Screening for somatic mutations in cancer has become integral to diagnostic and target evaluation for personalized therapeutic approaches. arrayMap is a curated oncogenomic resource, focusing on copy number aberration (CNA) profiles derived from genomic arrays. The information has been processed from data accessed through NCBI’s Gene Expression Omnibus (GEO), EBI’s ArrayExpress, and, importantly, through targeted mining of publication data. Whereas this database is based on raw probe data sets, the parental project, Progenetix, allows for genome variant analysis from additional sources and serves as metadata reference.
arrayMap underwent improvements to facilitate meta-analysis of cancer related genome data and clinical use, such as the adoption of a hierarchical schema representation and expansion of the data. The resulting, comprehensive resource consisting of Progenetix and arrayMap contains information for more than 400 ICD-O entities and 63’000 genomic array profiles. For interoperability of clinical data efforts are done inn data standardization. Existing standards such as ICD-O have proven to give a good description of a cancer entity based on the morphology and topography of the sample, but of interested is to move into ontology codes that provide hierarchical reference terminology such as NCIt neoplasm core.

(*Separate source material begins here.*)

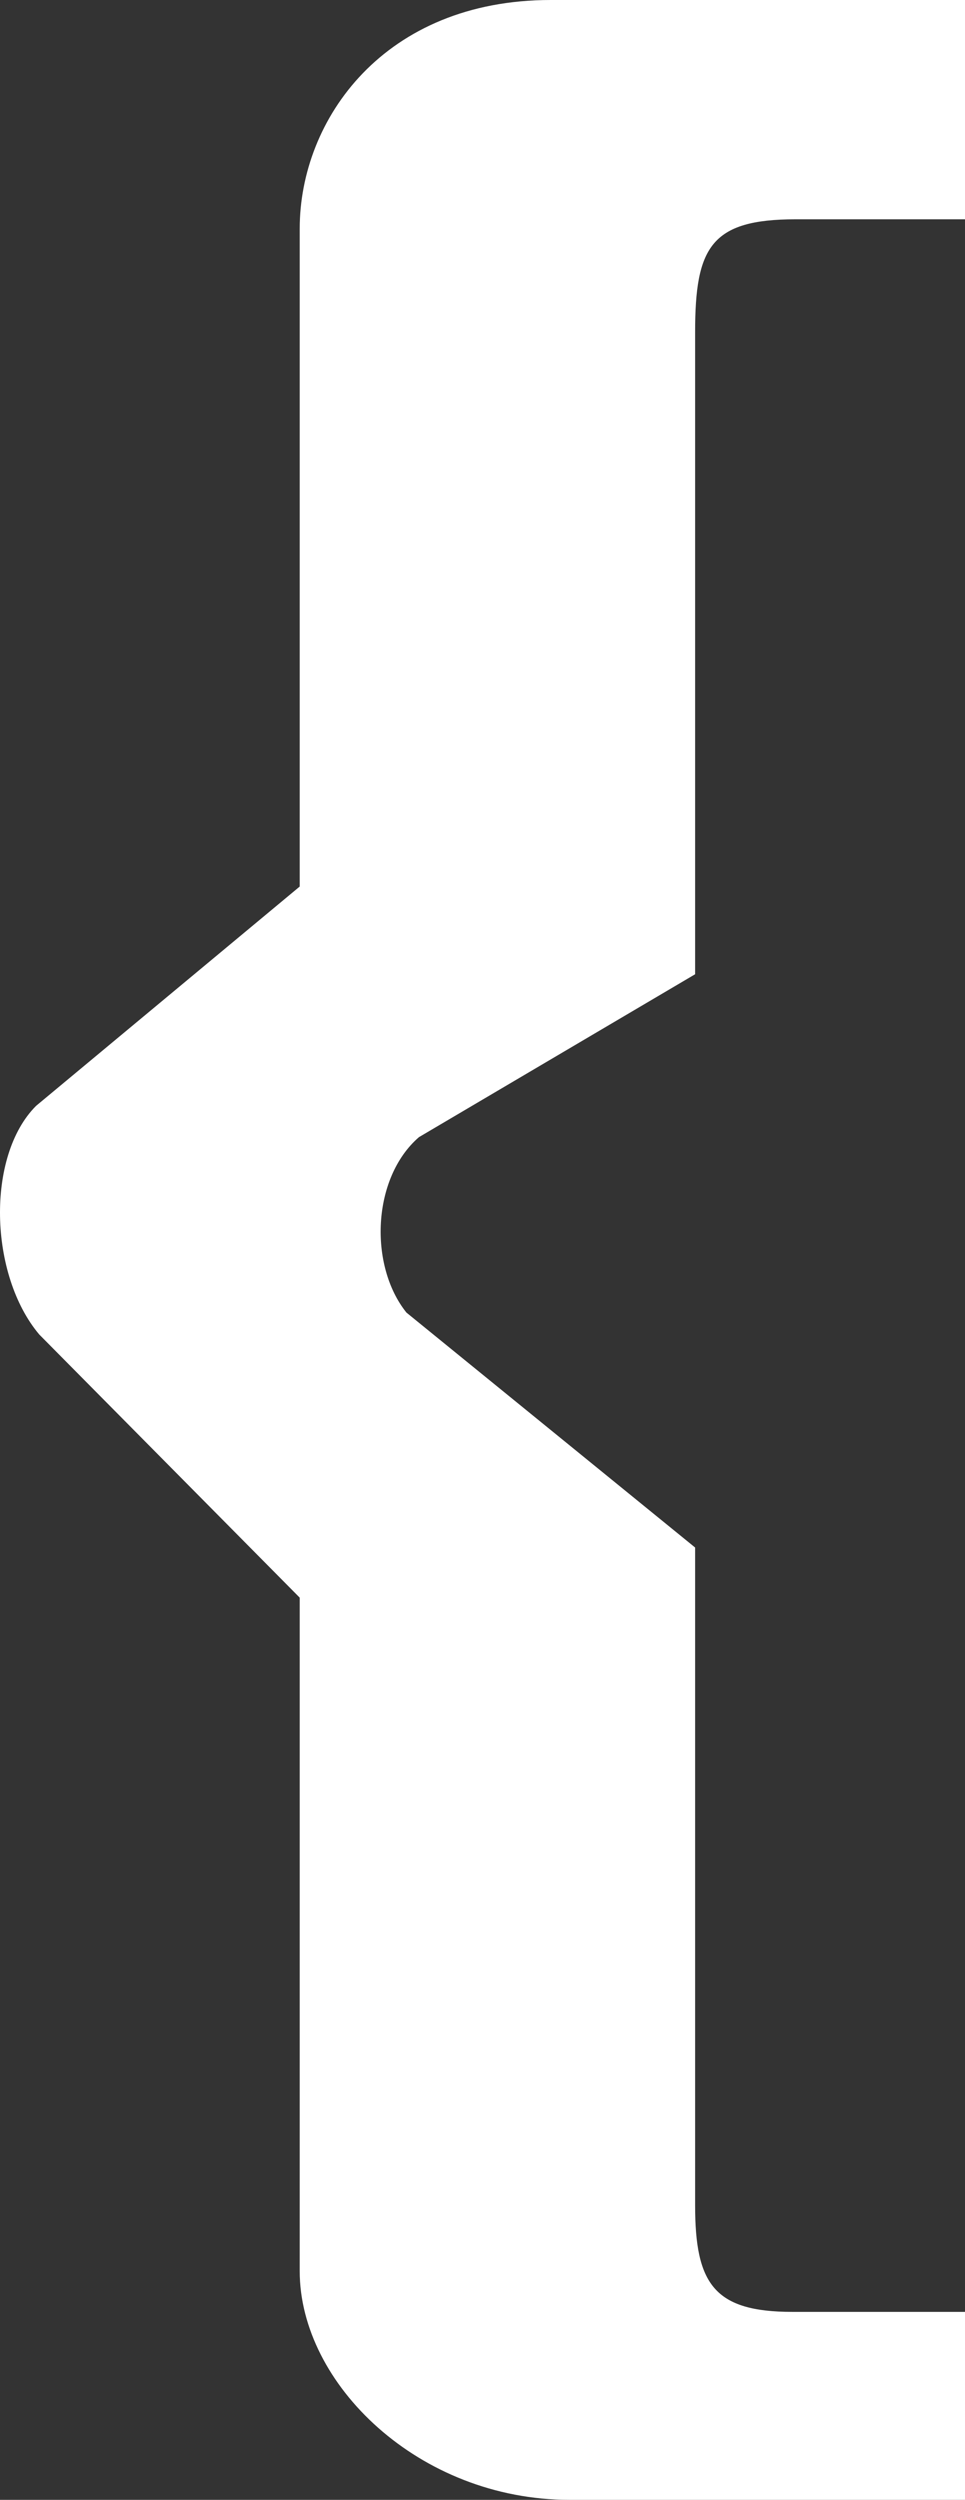 <svg xmlns="http://www.w3.org/2000/svg" xmlns:xlink="http://www.w3.org/1999/xlink" fill="none" version="1.1" width="30.89" height="80" viewBox="0 0 30.89 80"><rect x="0" y="0" width="30.89" height="80" fill="#333333" stroke="none"/><g><path d="M30.89,0L17.63,0C12.306,0,9.594,3.81,9.594,7.318L9.594,28.371L1.156,35.389C-0.451,36.992,-0.35,40.802,1.257,42.707L9.594,51.128L9.594,72.682C9.594,76.291,13.411,80,18.233,80L30.89,80L30.89,73.985L25.365,73.985C22.854,73.985,22.251,73.083,22.251,70.576L22.251,49.524L13.01,42.005C11.804,40.501,11.905,37.694,13.411,36.391L22.251,31.178L22.251,10.627C22.251,7.92,22.753,7.018,25.466,7.018L30.89,7.018L30.89,0Z" fill="#FFFFFF" fill-opacity="1"/></g></svg>

For the integrative analysis of distributed data resources necessary for precision oncology research, translation between different standards used in local and external resources is needed, using ontology mappings to allow for different vocabularies. Our work contributes to cross-resource mapping of cancer classifications, providing both suitable input for mapping services as well as testing new paradigms for data integration in biomedical settings. However, further curation of vocabularies is needed, for instance using mapping concepts beyond single point-to-point assertions.